Subsequently there have been a number of cases in England, the most significant of which is probably the first conviction under the 1861 Offences Against The Person Act;
http://news.bbc.co.uk/1/hi/uk/3191312.stm

Recently the first case of deliberate Gay transmission resulted in a conviction;
http://www.aidsmap.com/en/news/43C0C178-DA22-464D-9065-8BC403A53ABB.asp

[4] This very selfish man caused a furore at the time, which is a great sign that we are waking up to how stupid these behaviours are. There is a good article in Wikipedia;
http://en.wikipedia.org/wiki/2007_tuberculosis_scare

[5] There are actually quite a few estimates kicking around for this. The main study seems to be by Dr. A. Mark Fendrick, indicating a cost for the US measured in the billions of dollars annually. Here's the original Wikipedia article;
http://en.wikipedia.org/wiki/Common_cold
Scroll down to the societal impact section.

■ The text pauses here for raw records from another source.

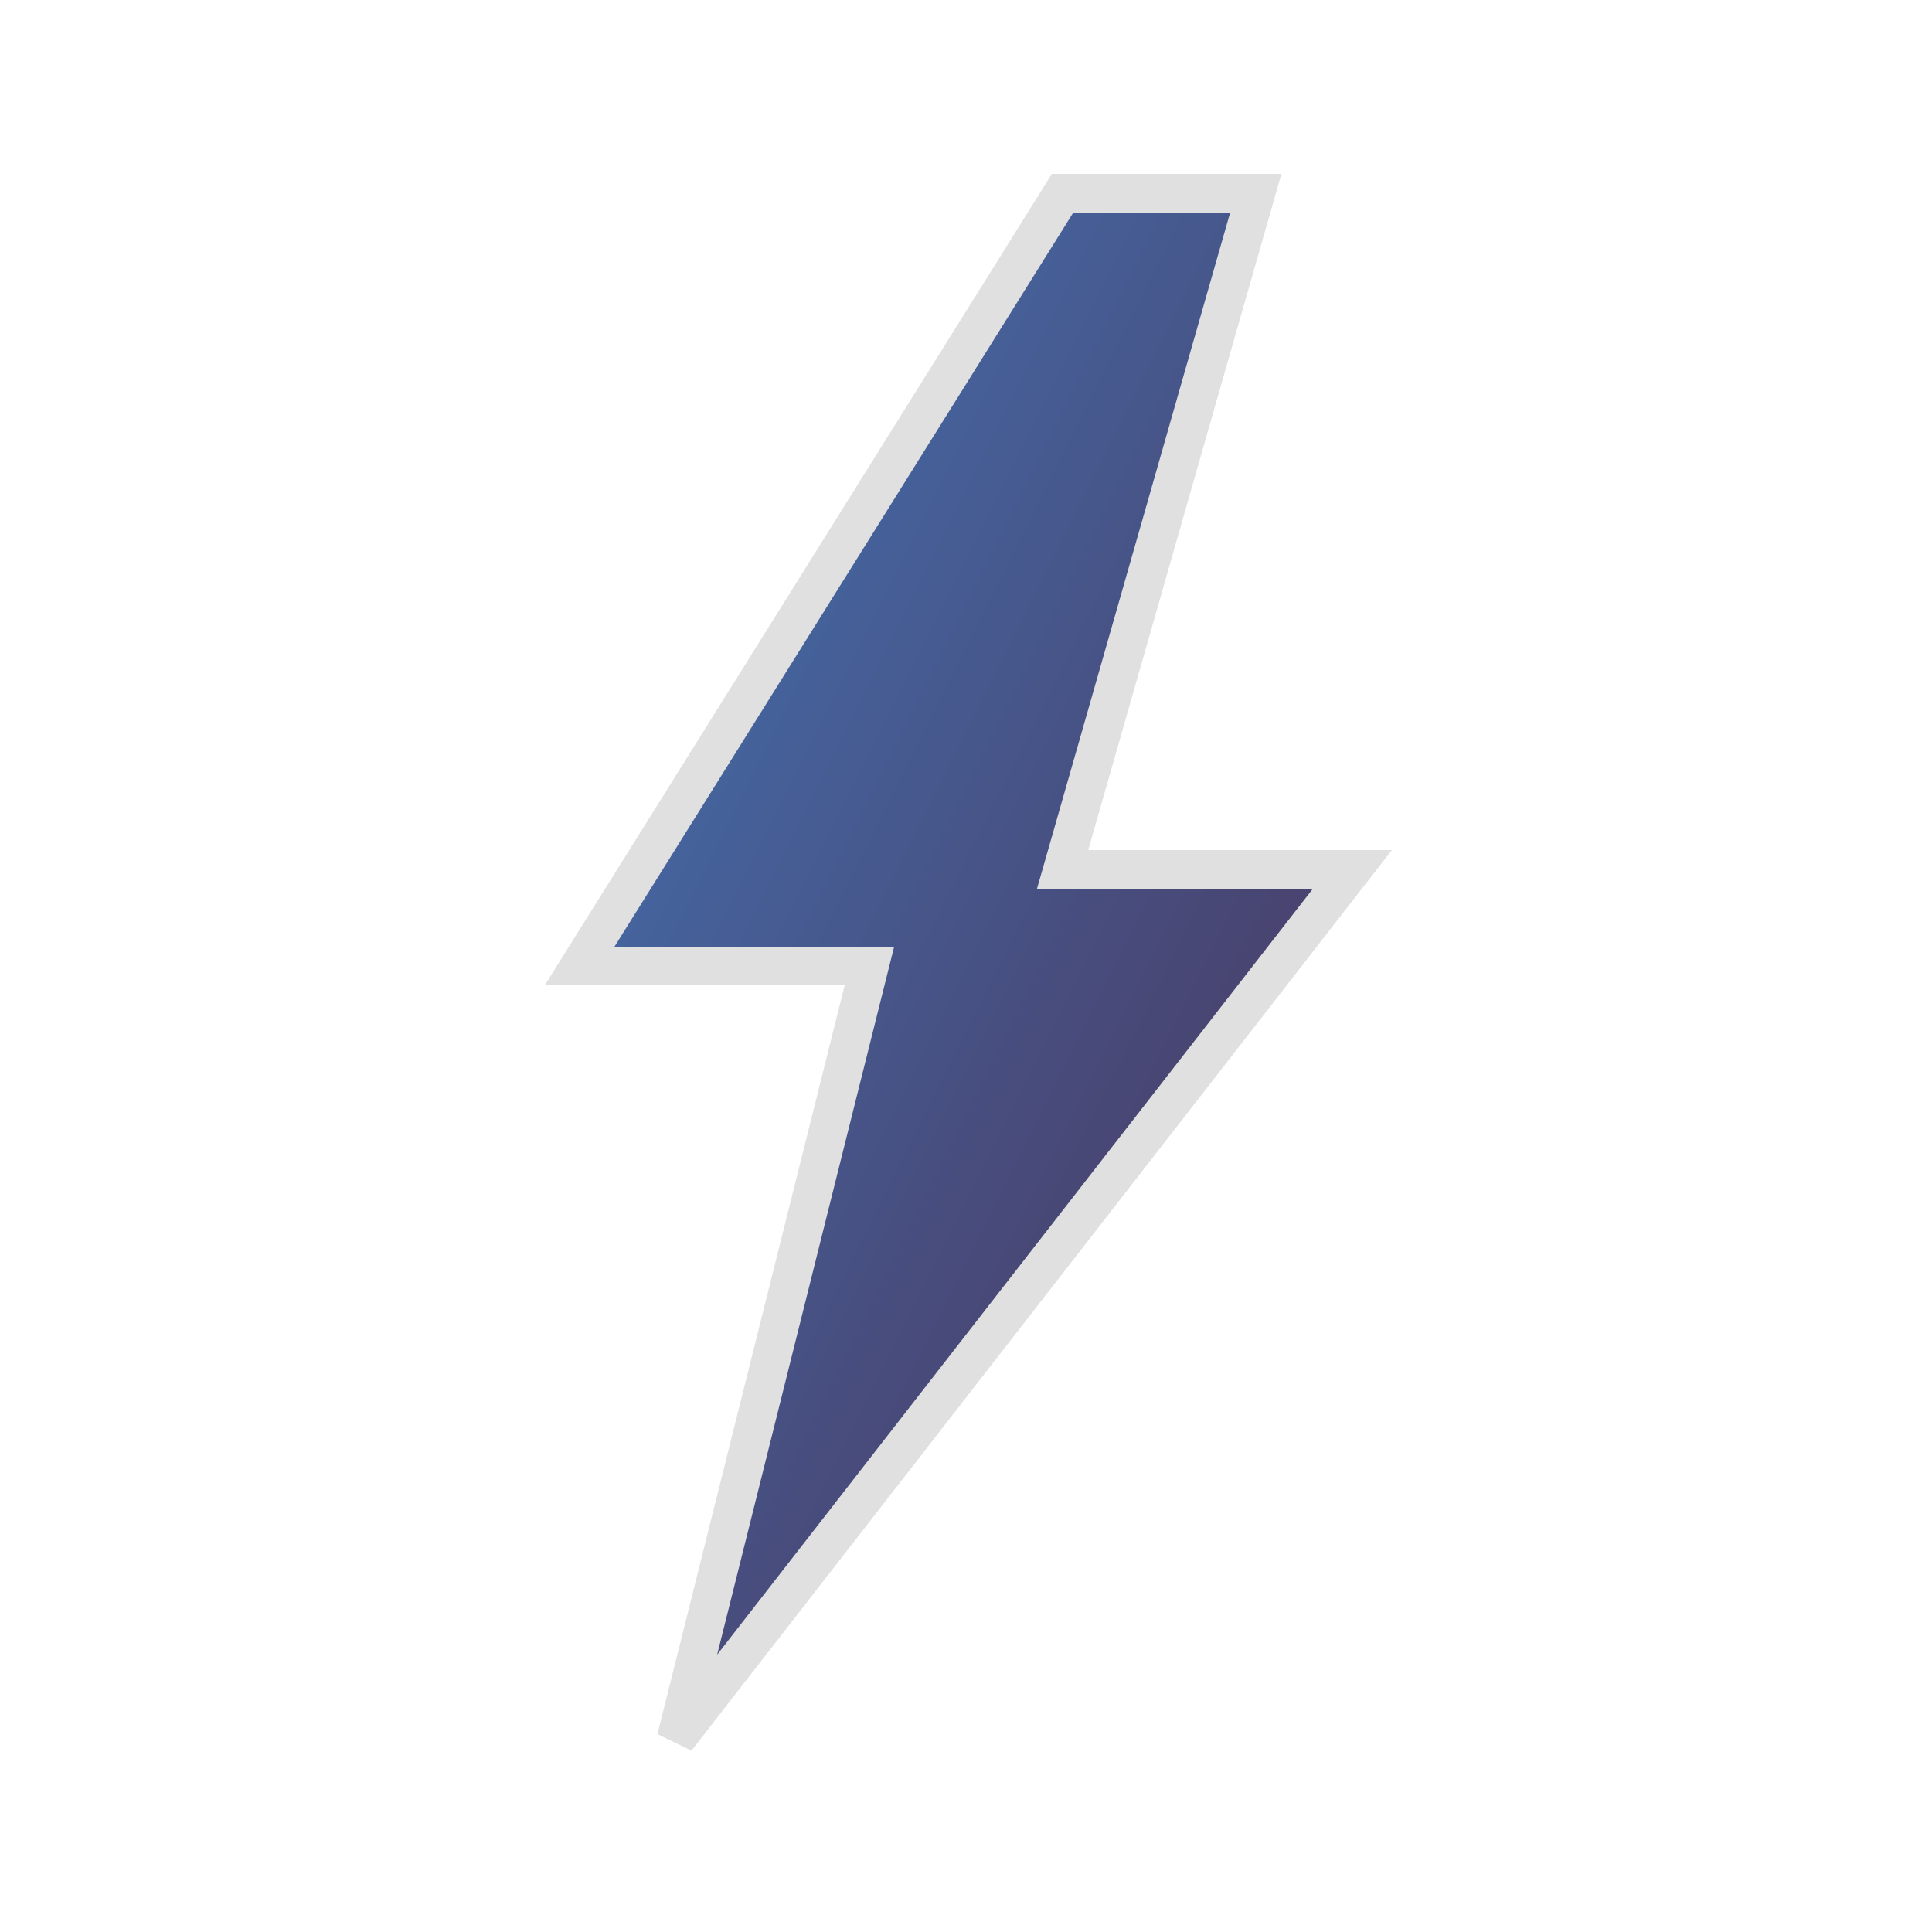 <svg xmlns="http://www.w3.org/2000/svg" viewBox="0 0 100 100">
  <defs>
    <linearGradient id="lightning-gradient" x1="0%" y1="0%" x2="100%" y2="100%">
      <stop offset="0%" style="stop-color:#4376B8;stop-opacity:1" />
      <stop offset="100%" style="stop-color:#4B2E51;stop-opacity:1" />
    </linearGradient>
  </defs>
  <path d="M55 10 L30 50 L45 50 L35 90 L70 45 L55 45 L65 10 Z" 
        fill="url(#lightning-gradient)" 
        stroke="#E0E0E0" 
        stroke-width="2"/>
</svg>

[6] This is made easier for me because I run my own business. We pay sick pay when people are ill so I contribute to the overall stupidity but I am fortunate in having great staff who are responsible about their own health. We have a strong workplace policy about this – don't bring your bug to work, we don't want it. I am convinced that the overall effect is improved productivity over a whole year despite the fact that sometimes people stay at home when they just feel a little rough and could otherwise work. I have no numbers on this though, so it is just anecdotal. Interestingly, and predictably, the people with children at school are the ones who catch all the bugs now that we have pretty much eliminated workplace transmission.

[7] I just know that after that moment of hubris I am now going to catch a stinker.